● Goal of the exercise: Look through the entries below and return all lines including the word "広告宣伝費".

● Supplied records:
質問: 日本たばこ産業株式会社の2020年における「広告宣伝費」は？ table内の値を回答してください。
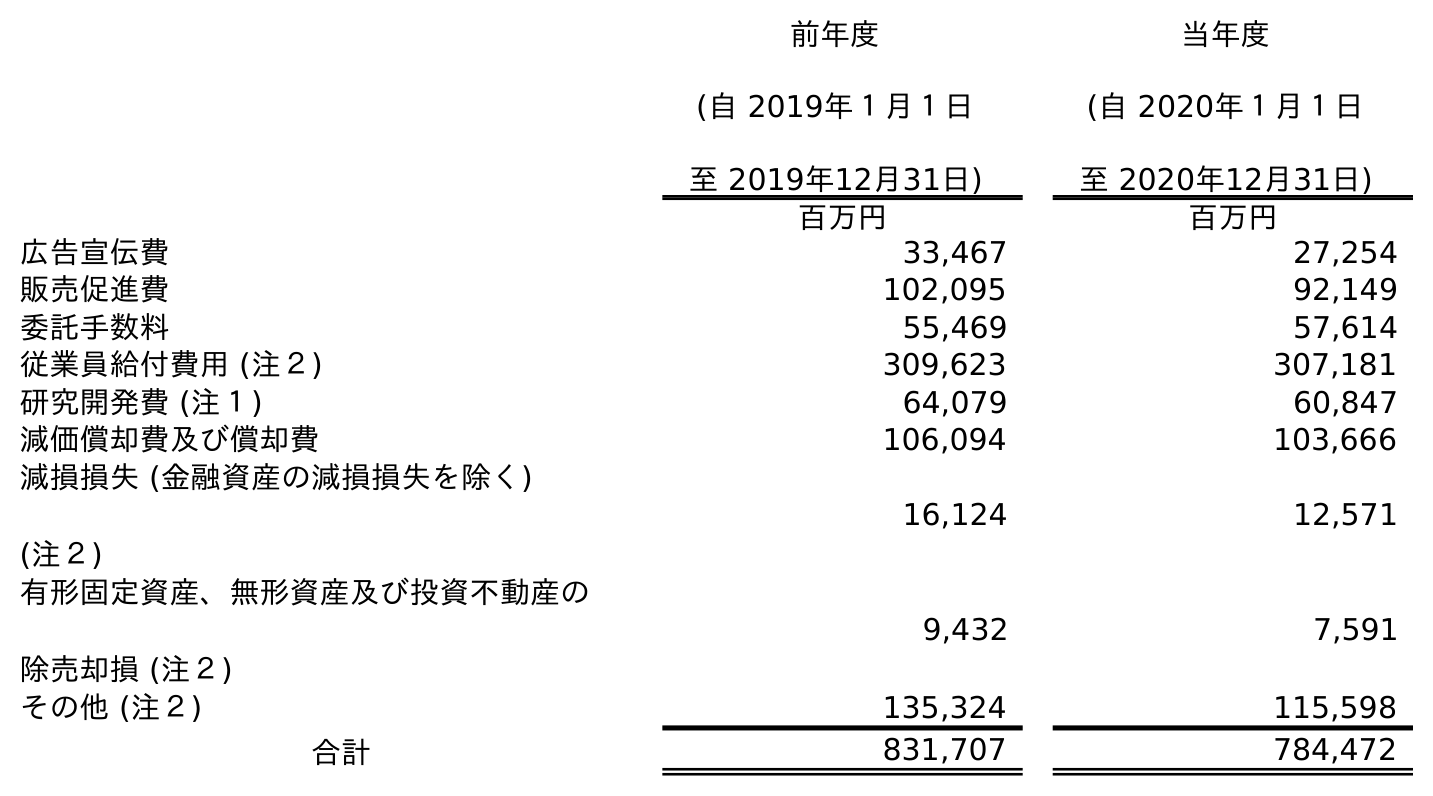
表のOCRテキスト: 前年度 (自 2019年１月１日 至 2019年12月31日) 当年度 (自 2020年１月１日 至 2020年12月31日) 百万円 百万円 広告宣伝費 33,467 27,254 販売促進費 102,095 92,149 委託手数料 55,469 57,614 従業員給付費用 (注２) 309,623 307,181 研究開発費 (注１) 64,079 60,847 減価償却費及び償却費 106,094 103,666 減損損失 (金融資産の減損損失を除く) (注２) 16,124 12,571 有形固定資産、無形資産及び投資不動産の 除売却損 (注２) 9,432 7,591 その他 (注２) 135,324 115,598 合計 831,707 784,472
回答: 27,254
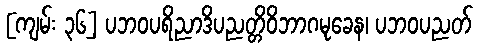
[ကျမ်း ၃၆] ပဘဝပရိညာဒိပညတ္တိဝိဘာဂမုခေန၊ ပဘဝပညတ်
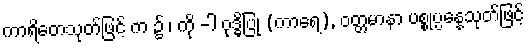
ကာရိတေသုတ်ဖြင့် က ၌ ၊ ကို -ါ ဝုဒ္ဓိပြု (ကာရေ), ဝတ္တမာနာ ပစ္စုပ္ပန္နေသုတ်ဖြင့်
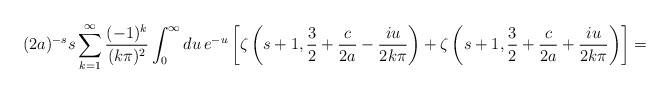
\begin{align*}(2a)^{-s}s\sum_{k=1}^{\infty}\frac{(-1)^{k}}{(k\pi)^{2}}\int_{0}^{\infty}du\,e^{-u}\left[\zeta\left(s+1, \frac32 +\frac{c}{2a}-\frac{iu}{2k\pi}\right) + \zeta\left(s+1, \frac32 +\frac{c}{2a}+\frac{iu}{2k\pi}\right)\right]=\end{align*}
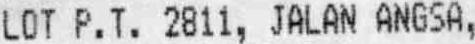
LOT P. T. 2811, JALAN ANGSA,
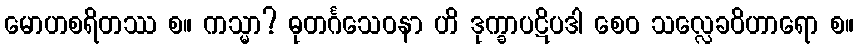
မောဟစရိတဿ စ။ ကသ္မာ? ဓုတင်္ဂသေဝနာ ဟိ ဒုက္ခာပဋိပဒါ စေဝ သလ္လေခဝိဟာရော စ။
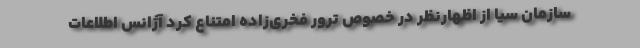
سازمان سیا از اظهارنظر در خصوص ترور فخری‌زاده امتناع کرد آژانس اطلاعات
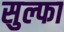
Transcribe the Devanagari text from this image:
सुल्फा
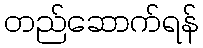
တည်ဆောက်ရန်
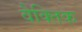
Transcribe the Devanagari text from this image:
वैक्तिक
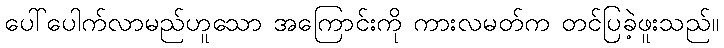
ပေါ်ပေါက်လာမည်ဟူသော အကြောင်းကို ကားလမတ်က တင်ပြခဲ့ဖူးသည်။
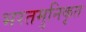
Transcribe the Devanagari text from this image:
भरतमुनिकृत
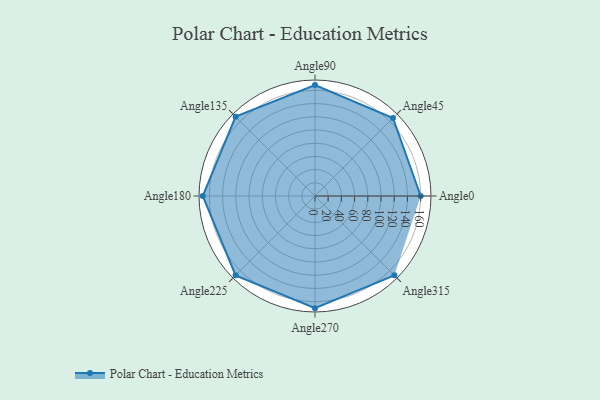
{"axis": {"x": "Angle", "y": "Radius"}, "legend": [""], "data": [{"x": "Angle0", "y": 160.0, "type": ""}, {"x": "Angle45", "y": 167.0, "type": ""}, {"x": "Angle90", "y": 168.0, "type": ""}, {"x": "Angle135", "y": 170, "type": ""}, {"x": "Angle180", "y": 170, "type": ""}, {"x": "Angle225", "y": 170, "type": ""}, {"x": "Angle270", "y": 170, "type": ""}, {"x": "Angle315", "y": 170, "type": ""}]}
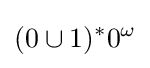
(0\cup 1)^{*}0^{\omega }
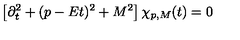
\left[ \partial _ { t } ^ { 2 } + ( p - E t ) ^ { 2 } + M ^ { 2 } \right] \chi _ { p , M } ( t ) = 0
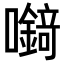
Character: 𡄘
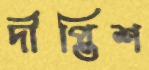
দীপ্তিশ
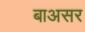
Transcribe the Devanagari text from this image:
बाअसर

● Answer to this task:
質問: 日本たばこ産業株式会社の2020年における「広告宣伝費」は？ table内の値を回答してください。
表のOCRテキスト: 前年度 (自 2019年１月１日 至 2019年12月31日) 当年度 (自 2020年１月１日 至 2020年12月31日) 百万円 百万円 広告宣伝費 33,467 27,254 販売促進費 102,095 92,149 委託手数料 55,469 57,614 従業員給付費用 (注２) 309,623 307,181 研究開発費 (注１) 64,079 60,847 減価償却費及び償却費 106,094 103,666 減損損失 (金融資産の減損損失を除く) (注２) 16,124 12,571 有形固定資産、無形資産及び投資不動産の 除売却損 (注２) 9,432 7,591 その他 (注２) 135,324 115,598 合計 831,707 784,472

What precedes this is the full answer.